Provided entries ::
=== Section Start ===

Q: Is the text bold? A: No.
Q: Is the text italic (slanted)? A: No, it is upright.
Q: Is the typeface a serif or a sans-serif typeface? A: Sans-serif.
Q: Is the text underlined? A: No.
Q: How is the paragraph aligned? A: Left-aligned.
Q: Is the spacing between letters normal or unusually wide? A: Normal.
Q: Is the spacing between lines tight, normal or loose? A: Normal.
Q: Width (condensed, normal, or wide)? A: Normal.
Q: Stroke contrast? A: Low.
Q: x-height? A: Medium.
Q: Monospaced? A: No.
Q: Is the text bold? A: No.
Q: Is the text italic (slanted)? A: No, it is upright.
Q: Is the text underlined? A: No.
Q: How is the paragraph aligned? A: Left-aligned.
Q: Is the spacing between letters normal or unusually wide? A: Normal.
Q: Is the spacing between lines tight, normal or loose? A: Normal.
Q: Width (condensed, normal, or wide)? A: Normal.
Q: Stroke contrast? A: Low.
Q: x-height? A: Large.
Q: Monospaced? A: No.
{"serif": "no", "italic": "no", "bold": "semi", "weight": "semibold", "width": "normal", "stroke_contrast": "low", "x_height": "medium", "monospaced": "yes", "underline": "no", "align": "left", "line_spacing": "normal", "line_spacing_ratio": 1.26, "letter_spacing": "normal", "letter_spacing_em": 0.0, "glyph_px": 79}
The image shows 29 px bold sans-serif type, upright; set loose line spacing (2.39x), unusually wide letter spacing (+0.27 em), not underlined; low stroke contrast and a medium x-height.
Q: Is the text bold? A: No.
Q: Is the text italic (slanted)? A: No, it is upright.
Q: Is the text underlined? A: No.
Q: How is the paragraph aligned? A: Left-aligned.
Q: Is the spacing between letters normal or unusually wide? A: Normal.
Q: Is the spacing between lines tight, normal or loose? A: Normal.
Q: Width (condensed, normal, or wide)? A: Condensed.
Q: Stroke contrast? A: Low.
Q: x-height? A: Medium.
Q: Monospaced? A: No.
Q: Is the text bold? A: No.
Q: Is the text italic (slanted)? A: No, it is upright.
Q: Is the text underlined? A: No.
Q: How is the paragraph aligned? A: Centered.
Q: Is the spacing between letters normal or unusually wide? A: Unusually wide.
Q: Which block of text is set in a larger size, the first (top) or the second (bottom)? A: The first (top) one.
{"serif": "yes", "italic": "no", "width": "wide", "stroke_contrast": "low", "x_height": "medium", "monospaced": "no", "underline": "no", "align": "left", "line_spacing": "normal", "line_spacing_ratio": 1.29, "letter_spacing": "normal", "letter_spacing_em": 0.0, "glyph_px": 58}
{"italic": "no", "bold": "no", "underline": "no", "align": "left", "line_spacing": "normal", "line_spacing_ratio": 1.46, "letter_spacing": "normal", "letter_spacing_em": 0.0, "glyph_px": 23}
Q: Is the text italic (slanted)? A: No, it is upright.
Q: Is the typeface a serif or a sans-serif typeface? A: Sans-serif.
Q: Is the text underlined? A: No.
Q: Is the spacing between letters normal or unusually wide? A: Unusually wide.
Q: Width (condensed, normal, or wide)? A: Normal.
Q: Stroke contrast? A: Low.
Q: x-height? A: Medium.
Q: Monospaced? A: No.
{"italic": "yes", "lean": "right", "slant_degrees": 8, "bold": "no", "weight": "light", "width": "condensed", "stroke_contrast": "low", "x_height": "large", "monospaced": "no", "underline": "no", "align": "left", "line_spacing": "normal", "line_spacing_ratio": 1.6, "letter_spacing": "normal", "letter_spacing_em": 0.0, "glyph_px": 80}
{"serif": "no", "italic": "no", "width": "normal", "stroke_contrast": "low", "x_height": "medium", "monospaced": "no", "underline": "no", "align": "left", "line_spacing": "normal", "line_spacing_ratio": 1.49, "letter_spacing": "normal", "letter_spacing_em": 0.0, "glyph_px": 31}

=== Section End ===

Task description ::
Each record has to be given again exactly as written.

Written answer ::
Q: Is the text bold? A: No.
Q: Is the text italic (slanted)? A: No, it is upright.
Q: Is the typeface a serif or a sans-serif typeface? A: Sans-serif.
Q: Is the text underlined? A: No.
Q: How is the paragraph aligned? A: Left-aligned.
Q: Is the spacing between letters normal or unusually wide? A: Normal.
Q: Is the spacing between lines tight, normal or loose? A: Normal.
Q: Width (condensed, normal, or wide)? A: Normal.
Q: Stroke contrast? A: Low.
Q: x-height? A: Medium.
Q: Monospaced? A: No.
Q: Is the text bold? A: No.
Q: Is the text italic (slanted)? A: No, it is upright.
Q: Is the text underlined? A: No.
Q: How is the paragraph aligned? A: Left-aligned.
Q: Is the spacing between letters normal or unusually wide? A: Normal.
Q: Is the spacing between lines tight, normal or loose? A: Normal.
Q: Width (condensed, normal, or wide)? A: Normal.
Q: Stroke contrast? A: Low.
Q: x-height? A: Large.
Q: Monospaced? A: No.
{"serif": "no", "italic": "no", "bold": "semi", "weight": "semibold", "width": "normal", "stroke_contrast": "low", "x_height": "medium", "monospaced": "yes", "underline": "no", "align": "left", "line_spacing": "normal", "line_spacing_ratio": 1.26, "letter_spacing": "normal", "letter_spacing_em": 0.0, "glyph_px": 79}
The image shows 29 px bold sans-serif type, upright; set loose line spacing (2.39x), unusually wide letter spacing (+0.27 em), not underlined; low stroke contrast and a medium x-height.
Q: Is the text bold? A: No.
Q: Is the text italic (slanted)? A: No, it is upright.
Q: Is the text underlined? A: No.
Q: How is the paragraph aligned? A: Left-aligned.
Q: Is the spacing between letters normal or unusually wide? A: Normal.
Q: Is the spacing between lines tight, normal or loose? A: Normal.
Q: Width (condensed, normal, or wide)? A: Condensed.
Q: Stroke contrast? A: Low.
Q: x-height? A: Medium.
Q: Monospaced? A: No.
Q: Is the text bold? A: No.
Q: Is the text italic (slanted)? A: No, it is upright.
Q: Is the text underlined? A: No.
Q: How is the paragraph aligned? A: Centered.
Q: Is the spacing between letters normal or unusually wide? A: Unusually wide.
Q: Which block of text is set in a larger size, the first (top) or the second (bottom)? A: The first (top) one.
{"serif": "yes", "italic": "no", "width": "wide", "stroke_contrast": "low", "x_height": "medium", "monospaced": "no", "underline": "no", "align": "left", "line_spacing": "normal", "line_spacing_ratio": 1.29, "letter_spacing": "normal", "letter_spacing_em": 0.0, "glyph_px": 58}
{"italic": "no", "bold": "no", "underline": "no", "align": "left", "line_spacing": "normal", "line_spacing_ratio": 1.46, "letter_spacing": "normal", "letter_spacing_em": 0.0, "glyph_px": 23}
Q: Is the text italic (slanted)? A: No, it is upright.
Q: Is the typeface a serif or a sans-serif typeface? A: Sans-serif.
Q: Is the text underlined? A: No.
Q: Is the spacing between letters normal or unusually wide? A: Unusually wide.
Q: Width (condensed, normal, or wide)? A: Normal.
Q: Stroke contrast? A: Low.
Q: x-height? A: Medium.
Q: Monospaced? A: No.
{"italic": "yes", "lean": "right", "slant_degrees": 8, "bold": "no", "weight": "light", "width": "condensed", "stroke_contrast": "low", "x_height": "large", "monospaced": "no", "underline": "no", "align": "left", "line_spacing": "normal", "line_spacing_ratio": 1.6, "letter_spacing": "normal", "letter_spacing_em": 0.0, "glyph_px": 80}
{"serif": "no", "italic": "no", "width": "normal", "stroke_contrast": "low", "x_height": "medium", "monospaced": "no", "underline": "no", "align": "left", "line_spacing": "normal", "line_spacing_ratio": 1.49, "letter_spacing": "normal", "letter_spacing_em": 0.0, "glyph_px": 31}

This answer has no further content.